If all you care is on-disk consistency, you are good to go with export -f or a complete shutdown
If you care about all data, use sync=always and fast SSDs
Regarding iSCSI/NFS as datastores for VMs, this overview may also be helpful (excerpt: use NFS or disable iSCSI writeback cache on the guest/VM Host; quiesce VM before taking a ZFS snapshot, ZFS will be fine anyway, but guest VM will only be crash-consistent)

In reply to follow-up questions from the comments (left out questions where I do not have any useful answers):

(1) "good news/COW" - what if top level blocks were about to update - will it always find a usable top level block (even if pointing to slightly old versions of the metadata tree)? How bad can that get?

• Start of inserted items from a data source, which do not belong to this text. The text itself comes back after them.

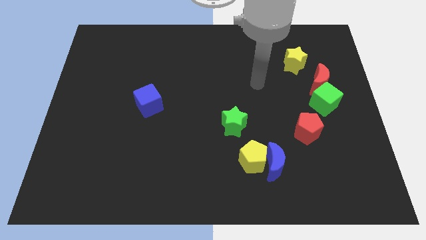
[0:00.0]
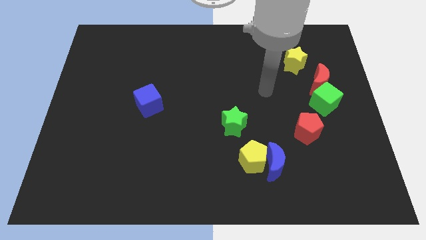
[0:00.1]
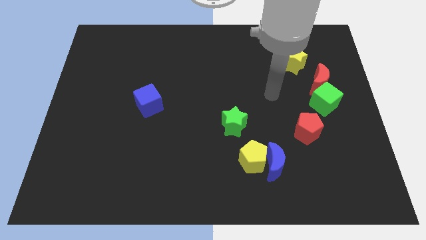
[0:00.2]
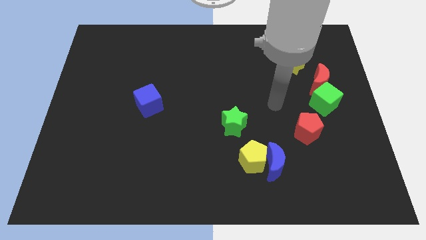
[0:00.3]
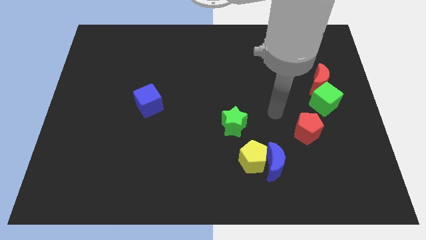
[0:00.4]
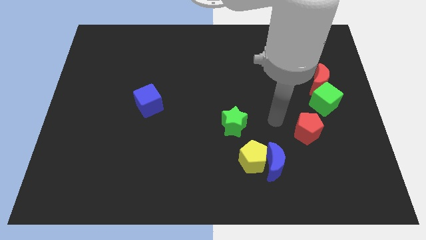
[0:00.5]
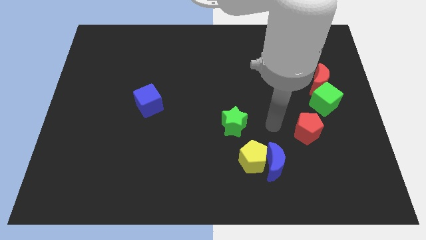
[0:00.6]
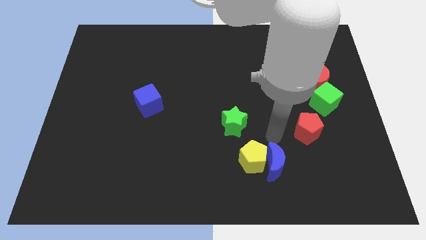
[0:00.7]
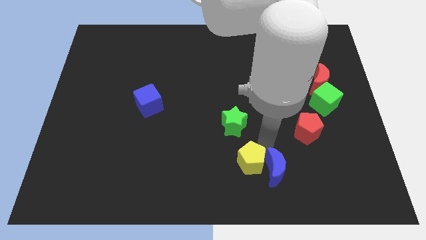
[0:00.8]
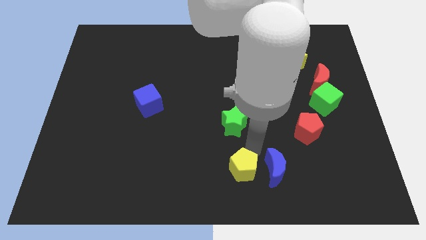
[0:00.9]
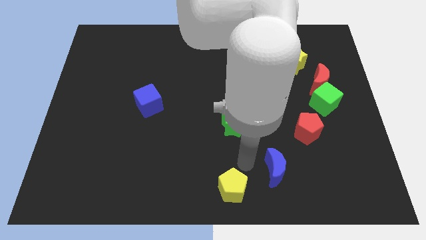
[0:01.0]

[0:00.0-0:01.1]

Worst case would be that the uberblock (the one at the top of all others) is damaged on all redundant devices. Because there is no block above it, you cannot reconstruct it from above, so there exist several copies of each uberblock (IIRC it was about 3 or 4), so one can be lost and a replacement copy is still there.

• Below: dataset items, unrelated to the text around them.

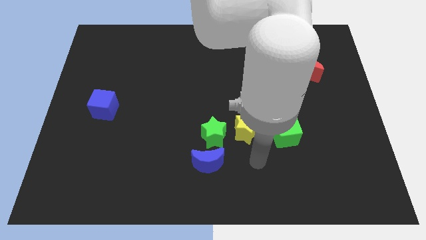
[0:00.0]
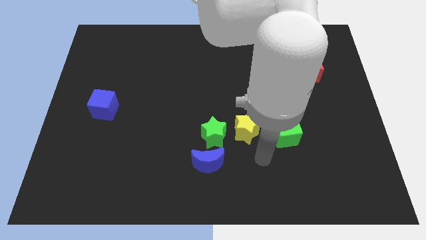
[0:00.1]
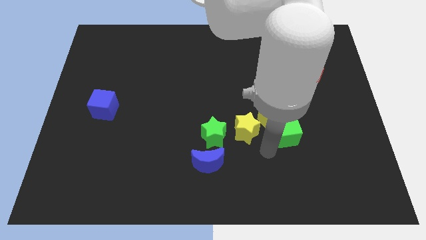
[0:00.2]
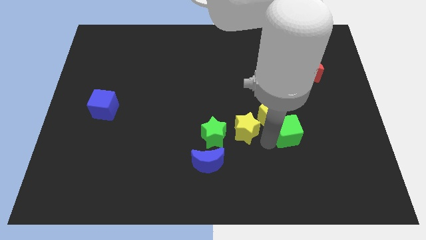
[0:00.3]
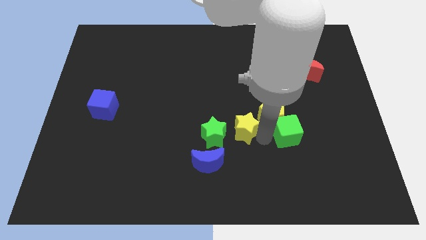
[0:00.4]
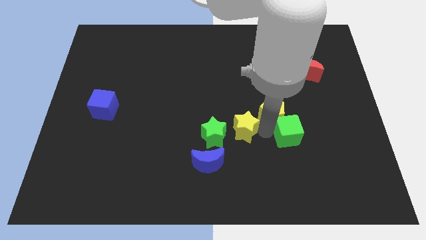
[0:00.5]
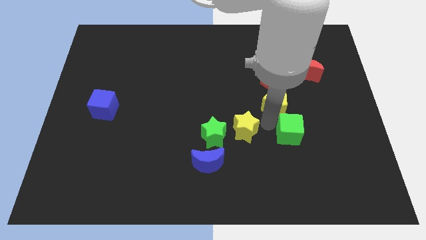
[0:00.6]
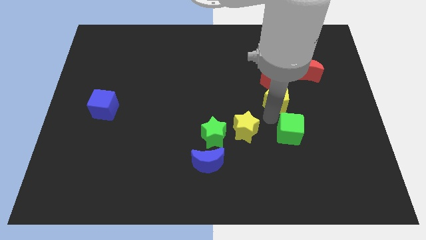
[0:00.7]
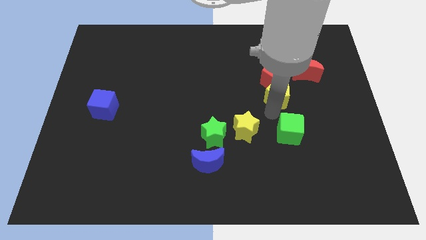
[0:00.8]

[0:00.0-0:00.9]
pull the yellow pentagon apart from the green cube and yellow star

(2) I'm familiar with TXGs and use ESXi. Using APC UPS + good PSU/hw + P3700 NVMe ZIL so it's decent power + fast ZIL. But unlikely that current writes will all be sync and as you say, sync=always is slow. But your reply does raise a thought, I might do some performance testing. I'm using dedup (4x saving, worth it), so write=slow anyway (has to lookup DDT). Reason being sync=always only affects write which is slow anyway due to DDT. But setting sync=always forces ZIL, ZIL is very fast and and that makes long TXGs safe which might mean disk access is more efficient. Or it might kill latency. No idea which! Might have to try!

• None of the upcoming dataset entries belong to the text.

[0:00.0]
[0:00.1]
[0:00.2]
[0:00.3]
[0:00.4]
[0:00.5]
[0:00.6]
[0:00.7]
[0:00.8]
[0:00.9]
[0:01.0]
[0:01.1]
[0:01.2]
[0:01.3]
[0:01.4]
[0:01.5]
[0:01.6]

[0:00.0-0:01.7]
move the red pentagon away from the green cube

I have no real experience with dedup, so I cannot say anything useful here, except that you already have made good choices in hardware (low latency, high random 64k write IOPS, NVMe interface). It could only be faster if you invest in some really expensive permanent RAM drive (ZeusRAM et al.).

(6) By "on disk consistency" you mean ZFS is happy and pool is self-consistent? Not worried if some files/dirs. end up with invalid content or not moved/deleted is pool suddenly vanishes, or file system such as NTFWS/VMFS on a zvol gets internally corrupted (ie as a ZFS zvol it's fine but from client perspective it needs fsck/chkdsk), provided pool is safe/consistent as ZFS sees it

Yes. Essentially "my pool is not fucked up, yay!" in a multi-user setup - even if one user has problems with his files, the others do not suffer.

(7) By "crash consistent" do you mean what I mean (I think you do) - that ZFS will be fine, the pool as far as ZFS sees it will be fine, but the remote client's data may be mangled from that client's perspective similarly to as if the client had hit a sudden disk IO failure and writes had been lost? == pool will be fine, client may have lost/inconsistent data and may need help to recover, as with any other disk IO failure or system crash?

Yes, essentially a hard power off of the VM instead of a clean shutdown and THEN taking a snapshot - if you power it on afterwards, fsck or similar depending on file system will run and it may complain about unclean shutdown. This is in contrast to ESXi snapshots, which resume at the exact point in time as if nothing happened, but they need interaction with the guest system (guest additions installed) and include the virtual memory of the VM.

You can combine both to your advantage: first take a ESXi snapshot, then afterwards a ZFS snapshot of the datastore (ESXi stores its snapshots alongside the VM). Then delete your ESXi snapshot, but keep the ZFS one (takes much less space because of block-level copies). When restoring, first restore your ZFS snapshot and then revert to your (saved) ESXi snapshot and you will resume where you left off. napp-it (excellent ZFS management system with Web interface) has this concept built-in (at least for NFS datastores, I did not check iSCSI but assume it's similar).